--- Description of the task ---
As an exercise, transcribe the data below in full and exactly, omitting pictures.

--- Excerpted data ---

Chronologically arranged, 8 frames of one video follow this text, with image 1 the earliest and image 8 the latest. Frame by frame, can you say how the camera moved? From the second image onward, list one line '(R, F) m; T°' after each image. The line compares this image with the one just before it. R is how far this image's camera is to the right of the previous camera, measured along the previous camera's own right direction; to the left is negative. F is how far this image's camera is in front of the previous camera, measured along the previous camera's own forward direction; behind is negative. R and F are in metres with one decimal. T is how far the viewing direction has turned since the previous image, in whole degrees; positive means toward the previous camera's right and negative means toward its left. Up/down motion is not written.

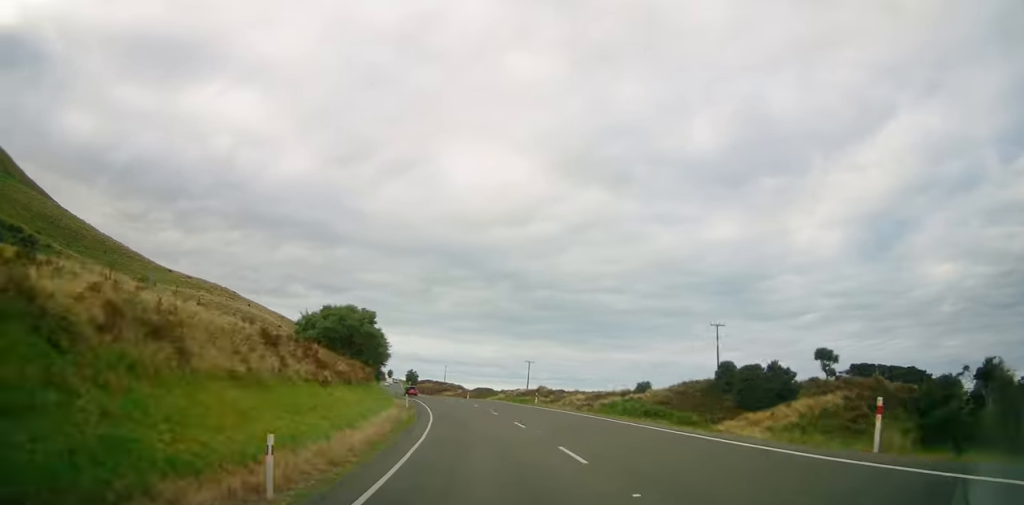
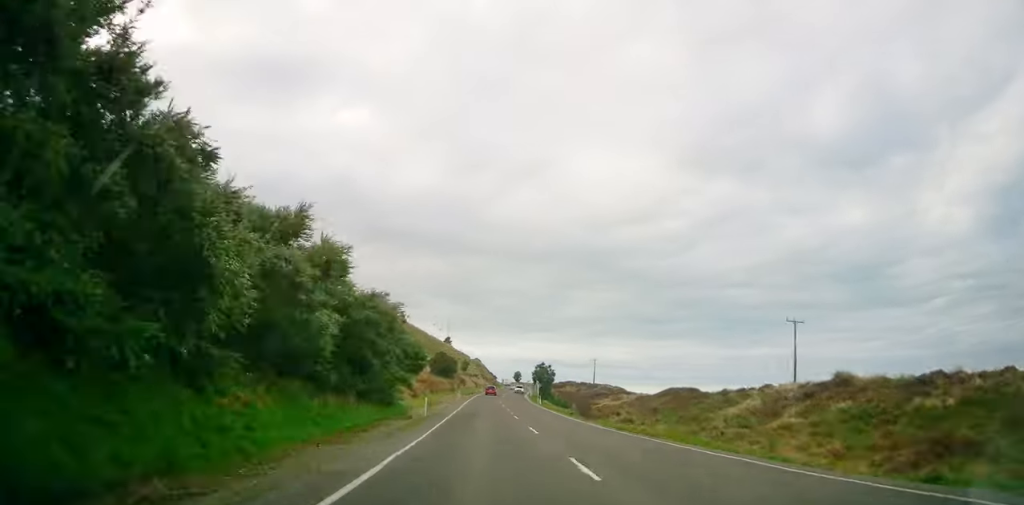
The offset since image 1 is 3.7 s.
(-6.7, +79.6) m; -5°
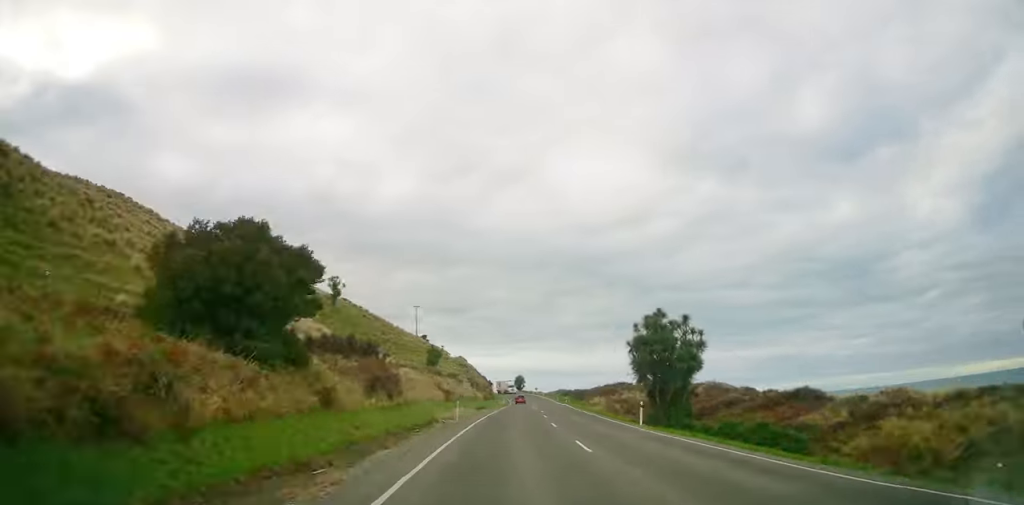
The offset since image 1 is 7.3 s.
(-1.7, +75.9) m; -1°
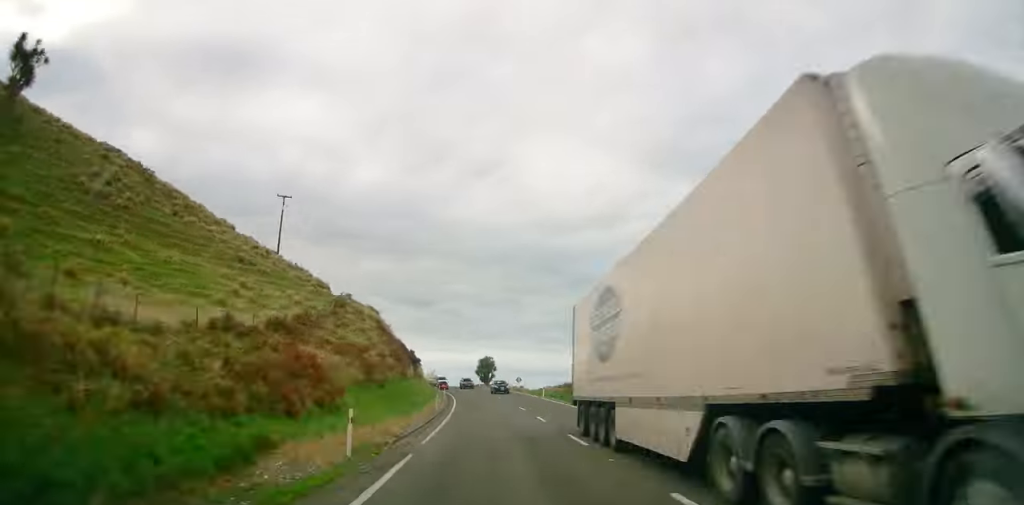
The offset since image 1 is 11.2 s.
(+0.8, +80.0) m; -3°
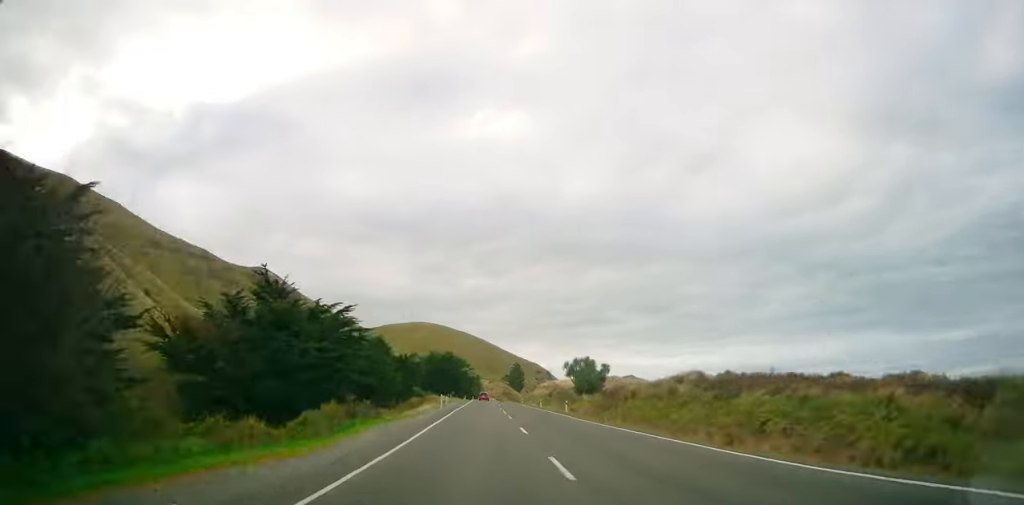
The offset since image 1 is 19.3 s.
(-27.0, +160.2) m; -17°
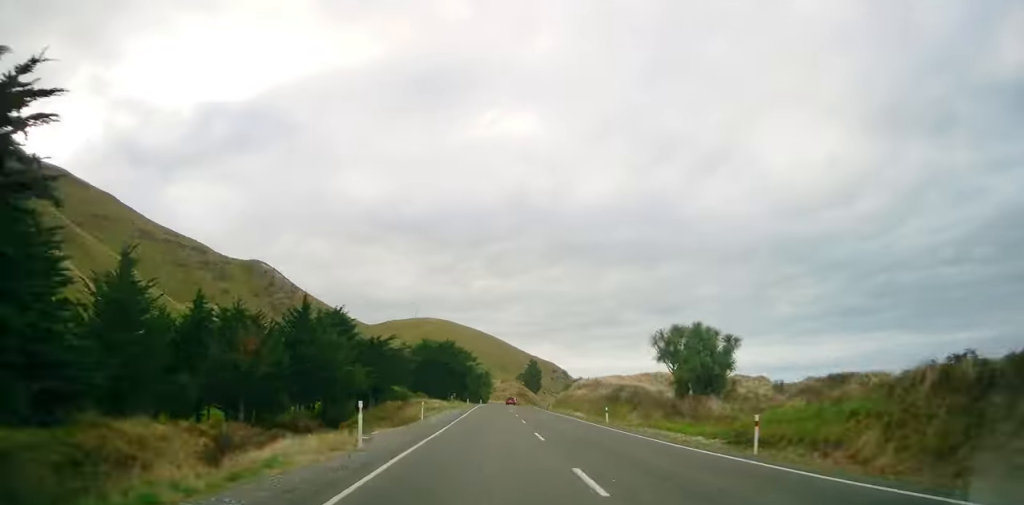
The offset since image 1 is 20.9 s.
(-1.5, +31.8) m; -1°
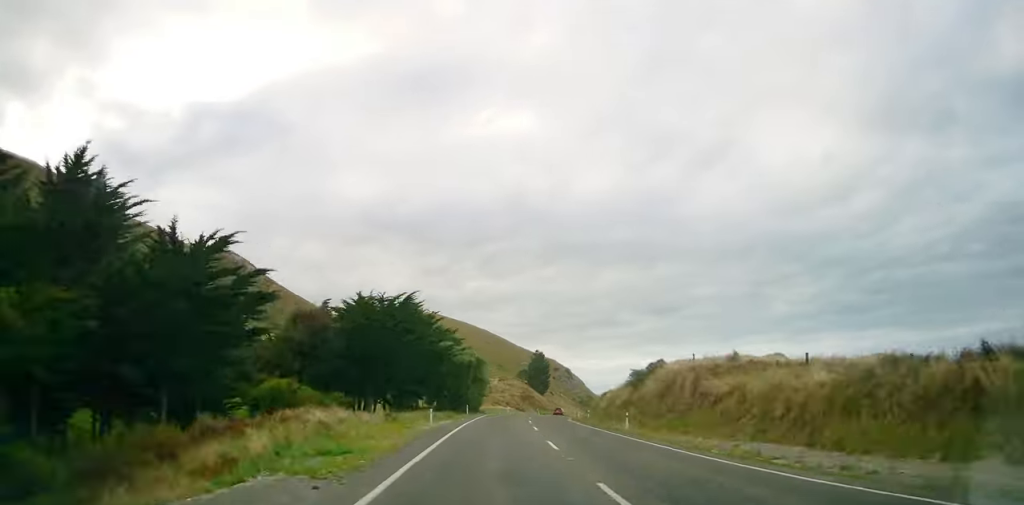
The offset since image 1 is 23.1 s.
(+0.9, +42.1) m; +4°
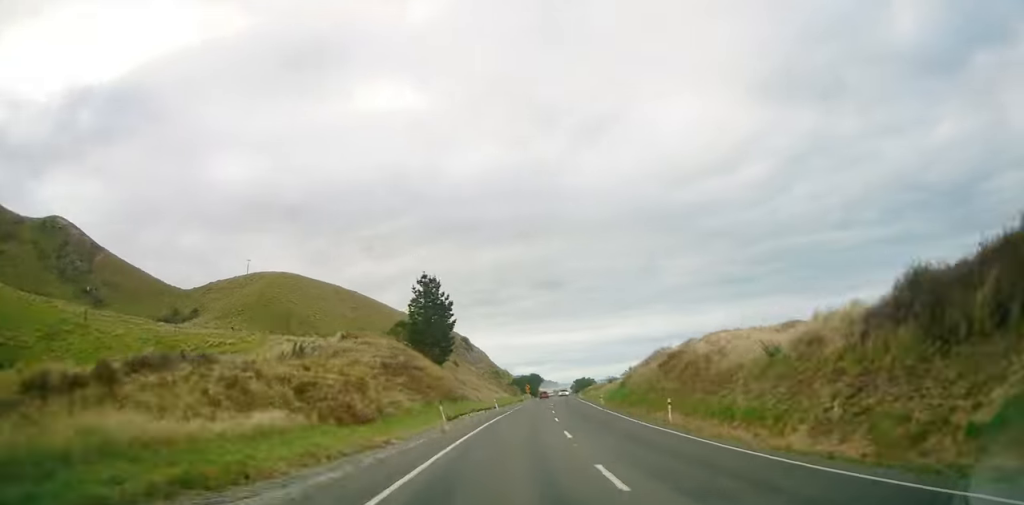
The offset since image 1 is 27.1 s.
(+5.0, +78.0) m; +7°

--- Task response ---
Chronologically arranged, 8 frames of one video follow this text, with image 1 the earliest and image 8 the latest. Frame by frame, can you say how the camera moved? From the second image onward, list one line '(R, F) m; T°' after each image. The line compares this image with the one just before it. R is how far this image's camera is to the right of the previous camera, measured along the previous camera's own right direction; to the left is negative. F is how far this image's camera is in front of the previous camera, measured along the previous camera's own forward direction; behind is negative. R and F are in metres with one decimal. T is how far the viewing direction has turned since the previous image, in whole degrees; positive means toward the previous camera's right and negative means toward its left. Up/down motion is not written.

The offset since image 1 is 3.7 s.
(-6.7, +79.6) m; -5°
The offset since image 1 is 7.3 s.
(-1.7, +75.9) m; -1°
The offset since image 1 is 11.2 s.
(+0.8, +80.0) m; -3°
The offset since image 1 is 19.3 s.
(-27.0, +160.2) m; -17°
The offset since image 1 is 20.9 s.
(-1.5, +31.8) m; -1°
The offset since image 1 is 23.1 s.
(+0.9, +42.1) m; +4°
The offset since image 1 is 27.1 s.
(+5.0, +78.0) m; +7°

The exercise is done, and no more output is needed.